Core Design Principles

  • Modularity: Separation of concerns, with distinct modules for base functionalities, loaders, savers, and metadata handling.
  • Extensibility: Easy to add support for new file formats, database systems, or storage backends.
  • Abstraction: Hides the complexities of underlying I/O operations from the user, providing a unified and intuitive API.
  • Data Structure Agnostic: Supports seamless data transfer to and from popular data structures like Pandas DataFrames, Polars Dataframes, and PyArrow Tables.

Class Hierarchy Overview

The library's core is built around a hierarchy of base classes defined in src/flowerpower_io/base.py, which are then extended by specialized classes in the loader/ and saver/ modules.

Base Classes

  • BaseFileIO: Foundational class for all file-based I/O operations. Handles path resolution, filesystem initialization, and storage option management across various backends (local, S3, GCS, Azure, GitHub, GitLab).
    • BaseFileReader: Extends BaseFileIO for reading data from files. Supports various output formats (Pandas, Polars, PyArrow, DuckDB, DataFusion) and features like batch processing.
    • BaseDatasetReader: Specializes BaseFileReader for handling partitioned datasets, integrating with PyArrow Dataset and Pydala Dataset.
    • BaseFileWriter: Defines logic for writing data to files, managing output basename, concatenation, uniqueness, and write modes.
    • BaseDatasetWriter: Specializes BaseFileWriter for writing data as datasets, supporting partitioning, compression, and fine-grained control.
  • BaseDatabaseIO: Foundational class for all database I/O operations. Manages connection strings, credentials, and provides methods for connecting to various SQL and NoSQL databases.
    • BaseDatabaseReader: Provides methods for reading data from relational and non-relational databases into various DataFrame formats (Polars, Pandas, PyArrow).
    • BaseDatabaseWriter: Defines logic for writing data to databases, supporting different write modes and data conversion.

Loaders and Savers

flowerpower-io supports a wide array of data formats and integrates with various storage solutions through its specialized loader and saver classes.

File-based I/O

Format Loader Class(es) Saver Class(es)
CSV CSVFileReader, CSVDatasetReader CSVFileWriter, CSVDatasetWriter
Parquet ParquetFileReader, ParquetDatasetReader, PydalaDatasetReader ParquetFileWriter, ParquetDatasetWriter, PydalaDatasetWriter
JSON JsonFileReader, JsonDatasetReader JsonFileWriter, JsonDatasetWriter
DeltaTable DeltaTableReader DeltaTableWriter
MQTT PayloadReader (for consuming MQTT payloads) (N/A - Loader only)
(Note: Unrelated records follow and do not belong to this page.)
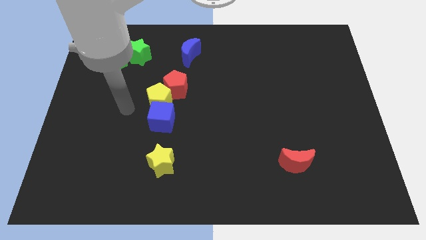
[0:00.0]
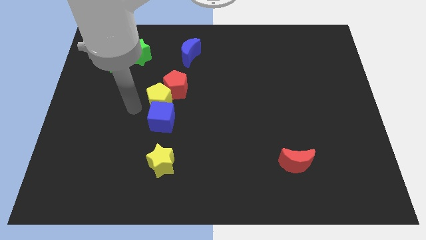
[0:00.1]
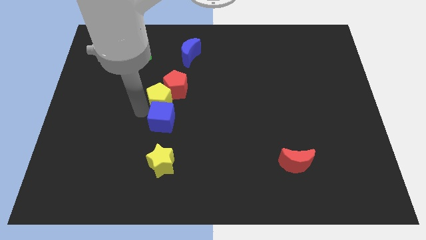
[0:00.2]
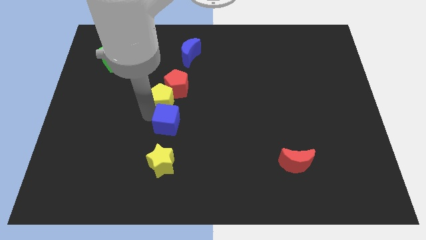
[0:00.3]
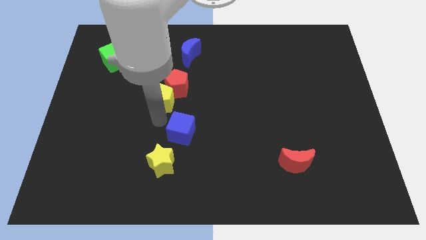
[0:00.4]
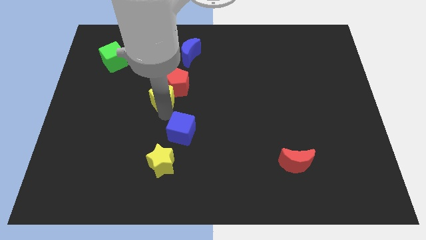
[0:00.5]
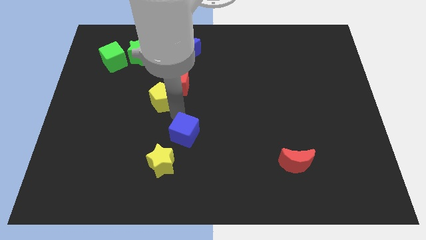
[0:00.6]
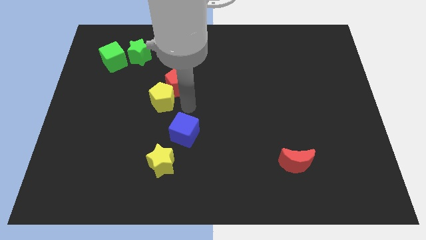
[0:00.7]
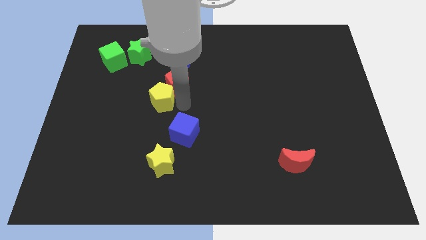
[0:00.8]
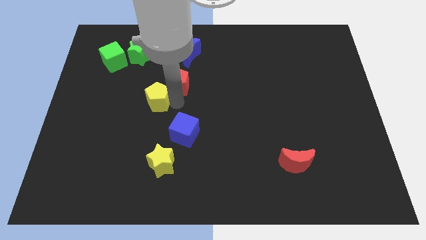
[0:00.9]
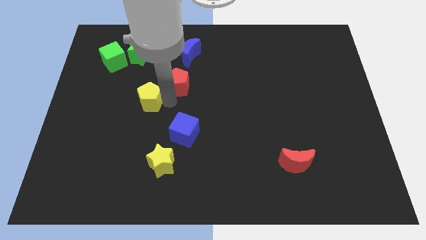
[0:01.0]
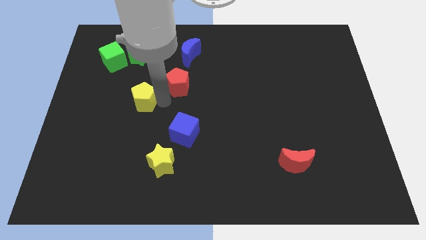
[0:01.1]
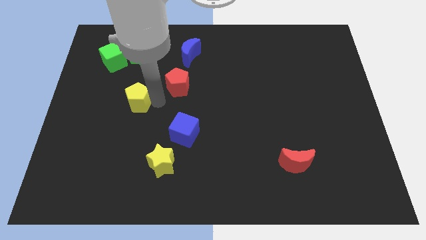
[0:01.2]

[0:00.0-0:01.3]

Supported Storage Backends (via fsspec_utils): - Local filesystem - AWS S3 - Google Cloud Storage (GCS) - Azure Blob Storage - GitHub - GitLab

Database I/O

Database Reader Class(es) Writer Class(es)
SQLite SQLiteReader SQLiteWriter
DuckDB DuckDBReader DuckDBWriter
PostgreSQL PostgreSQLReader PostgreSQLWriter
MySQL MySQLReader MySQLWriter
MSSQL MSSQLReader MSSQLWriter
Oracle OracleDBReader OracleDBWriter